Riguardo all’industria l’Iri si potrebbe persino definire un ente di privatizzazione, avendo risanato e rivenduto ai privati persino negli anni dell’autarchia la grandissima parte delle grandi, medie e piccole imprese finite in mano allo Stato in seguito al fallimento delle banche miste che ne possedevano o controllavano in tutto o in parte il capitale azionario. L’Iri conservò il controllo di grandi imprese di settori strategici, per la cui riprivatizzazione non esistevano sul mercato capitali sufficienti. 

La proposta in discussione oggi è esattamente opposta: espandere la presenza e il controllo dello Stato sul capitale industriale. Il secondo punto fermo è che durante il fascismo e negli anni della Ricostruzione l’Iri non fu sottoposto al controllo di alcun organismo politico, sottraendosi persino al più volte tentato inquadramento entro il Ministero delle Corporazioni.
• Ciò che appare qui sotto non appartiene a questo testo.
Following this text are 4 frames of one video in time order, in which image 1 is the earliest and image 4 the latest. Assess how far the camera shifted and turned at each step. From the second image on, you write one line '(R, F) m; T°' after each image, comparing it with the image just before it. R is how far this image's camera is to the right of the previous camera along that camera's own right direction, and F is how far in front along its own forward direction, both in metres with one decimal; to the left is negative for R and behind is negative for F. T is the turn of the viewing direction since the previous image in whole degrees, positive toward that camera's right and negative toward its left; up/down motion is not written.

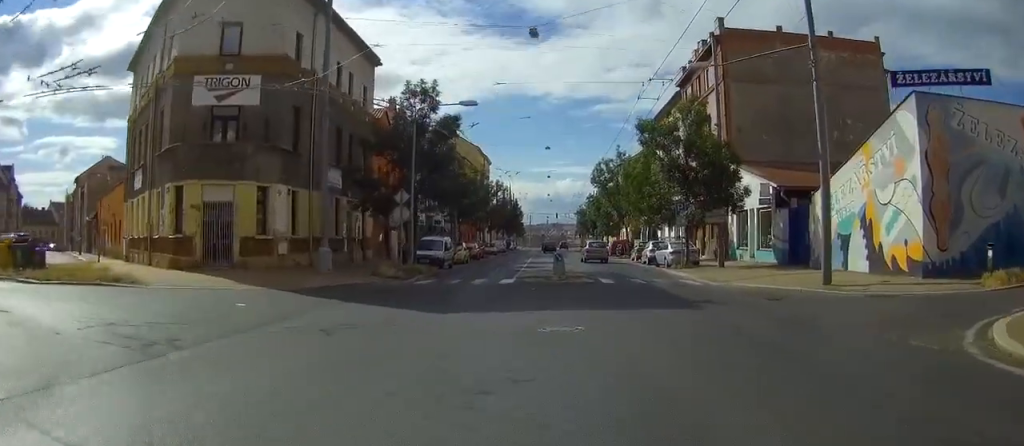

Il quarto punto fermo è che nella formulazione dello Statuto del 1948, morto Beneduce già nel 1944, Donato Menichella che lo aveva affiancato nell’intera storia dell’Istituto come direttore, si batté perché l’Iri mantenesse il carattere di Ente finanziario, perché non si espandesse ad altri settori e non si trasformasse in uno strumento delle politiche di sviluppo governative, in particolare di quelle meridionaliste. 

Menichella si oppose alla ridefinizione dei compiti dell’Iri nel 1956 e alla nascita del Ministero delle partecipazioni statali, che furono invece sostenuti da Pasquale Saraceno, in base ad una visione meno liberale, laica e pragmatica, ovvero in base ad un progetto di rinnovamento economico e sociale dai forti connotati utopistici di impronta cristiana. 

Secondo Saraceno con la sua nascita nel 1933 l’Iri avrebbe rappresentato il momento più significativo della storia del capitalismo industriale, rivelando per tutto il periodo trascorso la debolezza storica degli industriali privati e indicando per il futuro la superiorità dell’industria pubblica. Saraceno arrivò a retrodatare la nascita del sistema delle partecipazioni statali alla fine dell’800, al momento della costituzione delle banche miste, in quanto destinate a fallire con in mano i pacchetti azionari di grandissima parte delle imprese italiane. 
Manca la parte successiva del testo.